— DIRECTIONS FOR THIS TASK —
Your output must be the lines below from the line containing "Q: Monospaced? A: No." to the line containing "The image shows", both lines included, reproduced exactly and without pictures.

##### DATA PROVIDED

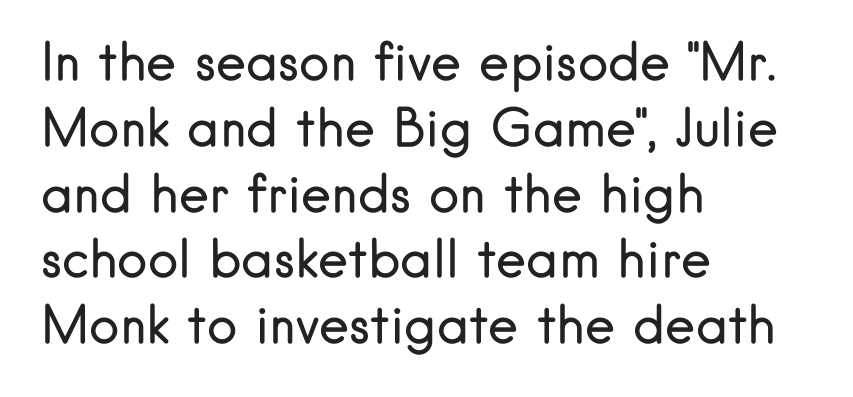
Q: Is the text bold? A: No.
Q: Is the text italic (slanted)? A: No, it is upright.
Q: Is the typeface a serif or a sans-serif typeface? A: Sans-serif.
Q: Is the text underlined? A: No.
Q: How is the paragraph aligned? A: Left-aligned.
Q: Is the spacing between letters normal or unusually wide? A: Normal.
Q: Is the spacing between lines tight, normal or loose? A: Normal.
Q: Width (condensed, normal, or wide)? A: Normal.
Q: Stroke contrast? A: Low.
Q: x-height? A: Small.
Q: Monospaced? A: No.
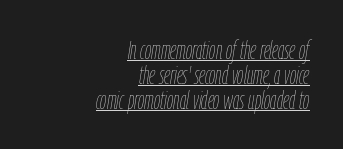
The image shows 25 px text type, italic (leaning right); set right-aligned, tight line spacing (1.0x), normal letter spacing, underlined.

##########
##### DATA PROVIDED

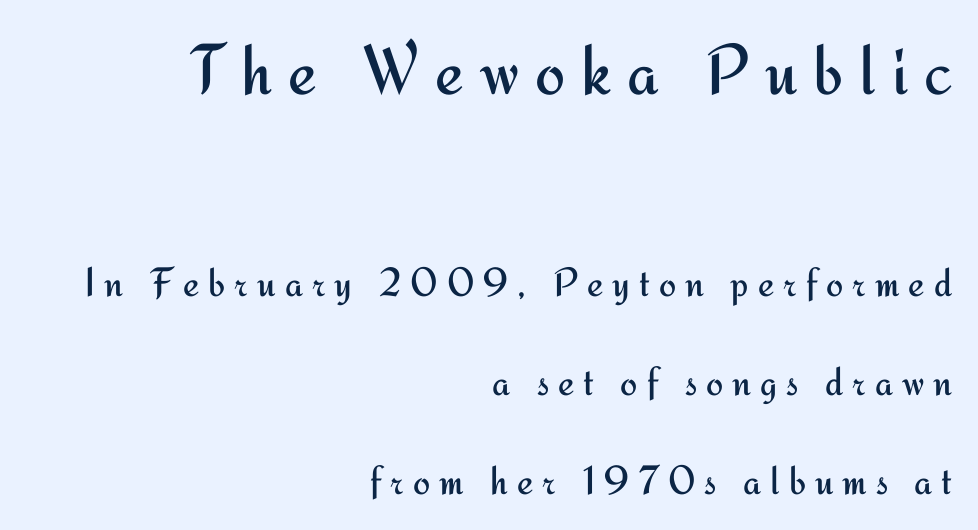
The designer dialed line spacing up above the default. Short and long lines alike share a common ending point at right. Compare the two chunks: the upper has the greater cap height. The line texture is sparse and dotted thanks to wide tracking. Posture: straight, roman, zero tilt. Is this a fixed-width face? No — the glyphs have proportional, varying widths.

##########

— ANSWER BOX —
Q: Monospaced? A: No.
The image shows 25 px text type, italic (leaning right); set right-aligned, tight line spacing (1.0x), normal letter spacing, underlined.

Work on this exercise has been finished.